Tiffany, 65, said the decision to sell the business, the fifth oldest Ford dealership in the country, came across his mind several years ago, but he didn’t seriously begin pursuing it until early 2018 when he began searching for a buyer.

“I always thought of the Greenwoods as a strong possibility,” he said. “I’ve known Marty for a long time, and we’ve been friendly competitors. Marty would sometimes say, ‘If you are ever thinking about selling the dealership, let me know.’ He was one of the first people I’ve contacted.”

Marty and Michael Greenwood opened Greenwood Chevrolet in January 2001. The brothers then acquired the local Buick and GMC franchise in 2005, and combined all three lines at one location.

The Ford dealership currently employs about 30 people, many of which have been there for decades, and TIffany said he expects all of them will continue working for the Greenwoods.

“They’re like an extended family,” he said. “They’ve been very instrumental in getting us to where we are now. I’m going to miss that connection.”

Like anything that has survived for 109 years, Tiffany Ford has seen its share of ups and downs. The dealership survived two world wars and the Great Depression, and most recently scraped through the Great Recession.

“It really hit home for me how difficult it is to get through 109 years,” Tiffany said.

The auto industry in particular, Tiffany noted, is always evolving, and a good indicator of the state of the economy.

The advent of the internet has also “dramatically” changed how people shop for vehicles, but not necessarily how they purchase them, he said. Consumers will always want to visit a dealership to see and test drive vehicles, but they will hunt for the best deals by looking online first, according to Tiffany.

Prospective car buyers used to visit on average of four to five dealerships before making a purchase. Now, that number has dropped to one or two.

The future of car buying has many question marks, Tiffany said, with electric vehicles, self-driving automobiles and ride sharing services on the rise.

“Dealerships are very resilient and have adjusted to the times,” he said. “People are always going to need cars. I suspect there will still be car dealerships, but how they sell may change. I think they will be around for the long haul.”

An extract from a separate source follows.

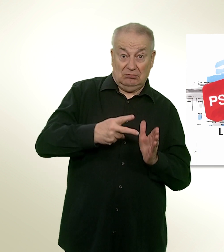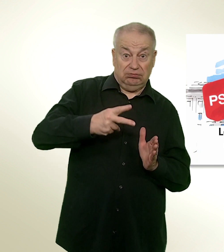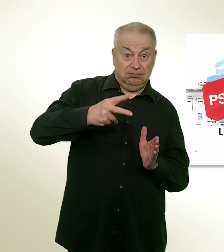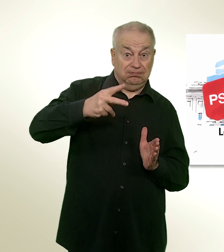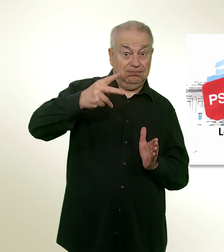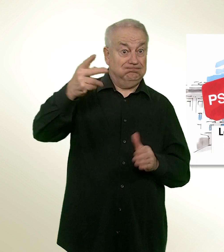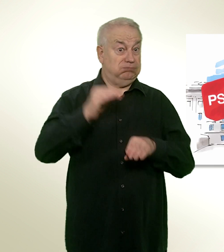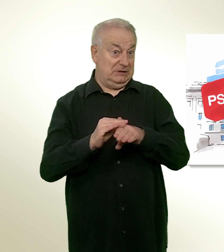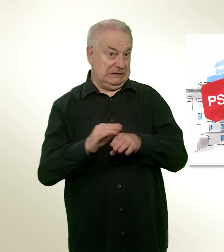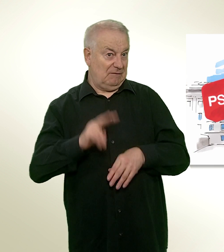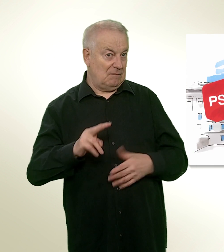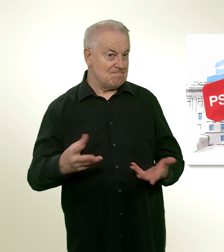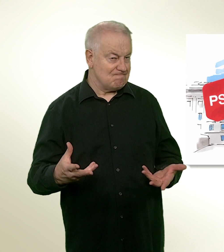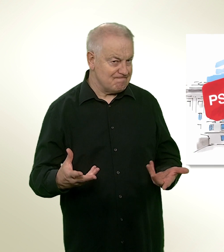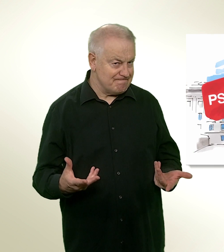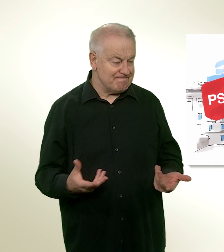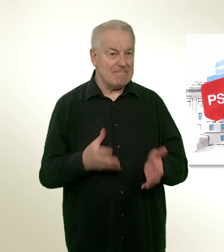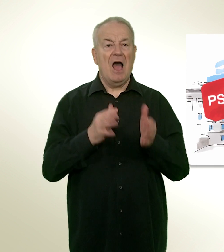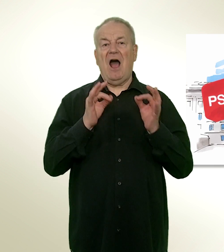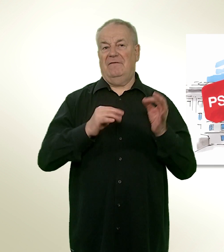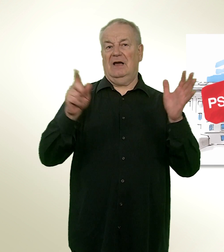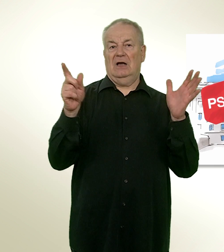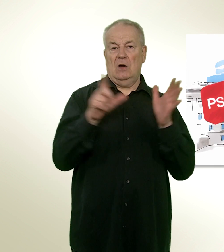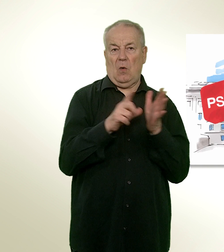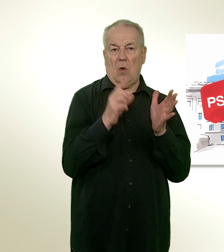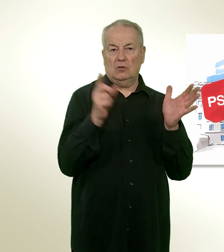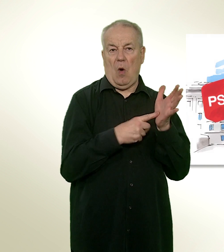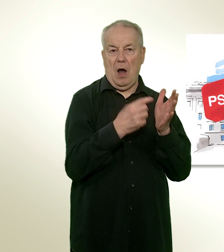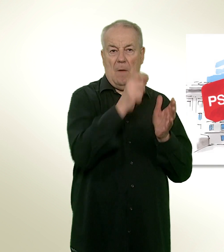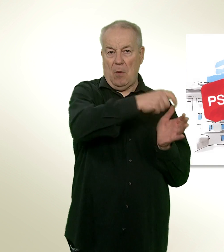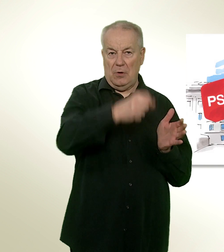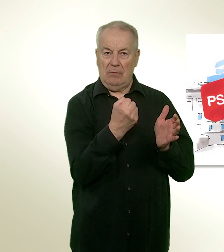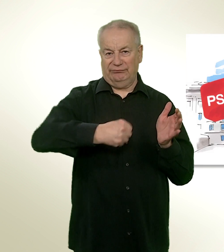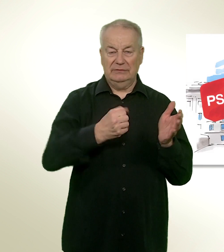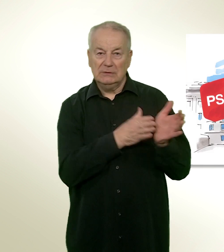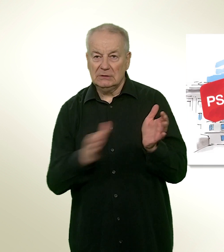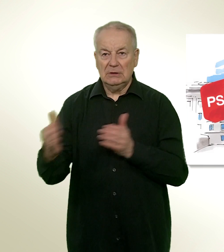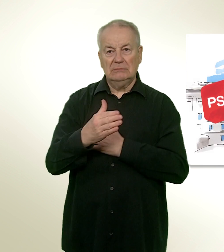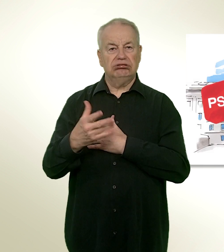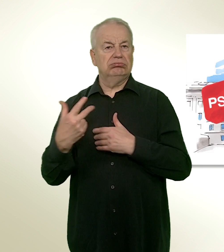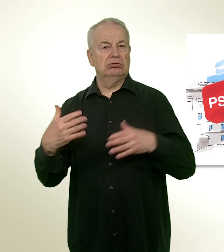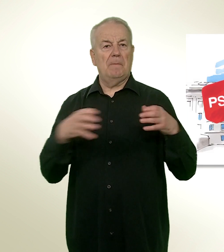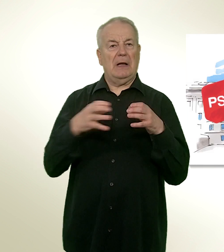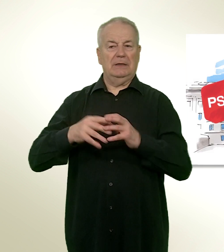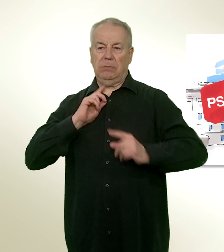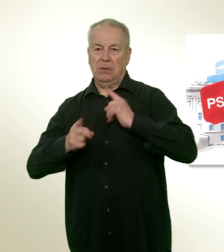décisions politiques. Ils contourneraient les droits populaires et rendraient ces arrêts en tant qu'instrument des partis et des autorités.

Tiffany said he hasn’t given much thought as to what his future holds now that he is “retired.” He plans on traveling with his wife, and remaining involved with a number of community organizations, such as the Community Foundation for San Benito County and San Benito County Business Council.

“I haven’t had a whole lot of time to think, ‘Now what?’” Tiffany said. “I’m not the type to sit at home and be fully retired. I feel pretty young still.”